Often the term leadership is confused with management but both are of great importance to organisations. In fact the role of the management is to get the things done through other people in the organisation in order to achieve organisational objectives while the role of leadership "revolves around vision, ideas, direction, and has more to do with inspiring people as to direction and goals than with day-to-day implementation." (Bennis, 1992:p.139) It is also said that a good manager have to be a good leader. The aim of this essay is to compare the two principal theories which are trait and behavioural with the help of an example of a leader for each theory from the 20th century.

The first principal theory of leadership which is the trait theory assumes that leaders are born and not made. According to the trait theory leaders are born with right combination of certain traits that differentiate them from non-leaders. According to Drucker cited in Mullins (2005:p.367)

"Leadership is of the utmost importance. Indeed there is no substitute for it. But leadership cannot be created or promoted.

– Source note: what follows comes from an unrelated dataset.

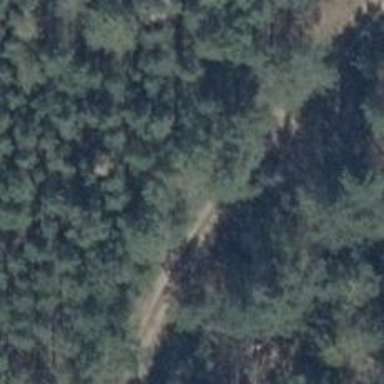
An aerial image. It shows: Dirt track road with grade3 tracktype.

It cannot be taught or learned."

There have been many researches carried out on this theory in order to find out the traits of a successful leader but all these researches had little success in identifying the common traits of a leader because most of the researches came with lists of traits which tends to contradict or overlap. Some important traits which were common in most of the researches are intelligence, charisma, self-confidence, determination, integrity and sociability. To view leadership through the trait theory will have some strengths and some weaknesses. One of the strength of viewing through the trait theory is that it can be used for development and personal awareness as it will allow people and managers to analyse their strengths and weaknesses and what should they do which will help them in enhancing their leadership. Another strength of the trait theory is that it provides a complete understanding of what is a leader in the leadership process. The weakness of the trait theory when viewing leadership is that it cannot be used in training and developing individuals because an individual's personal qualities are relatively fix and therefore his/her traits are not willing to change. In addition, the trait theory has not sufficiently linked the traits of leaders with other outcomes such as group and team performance. (Northouse, 1997; Mullins, 2005)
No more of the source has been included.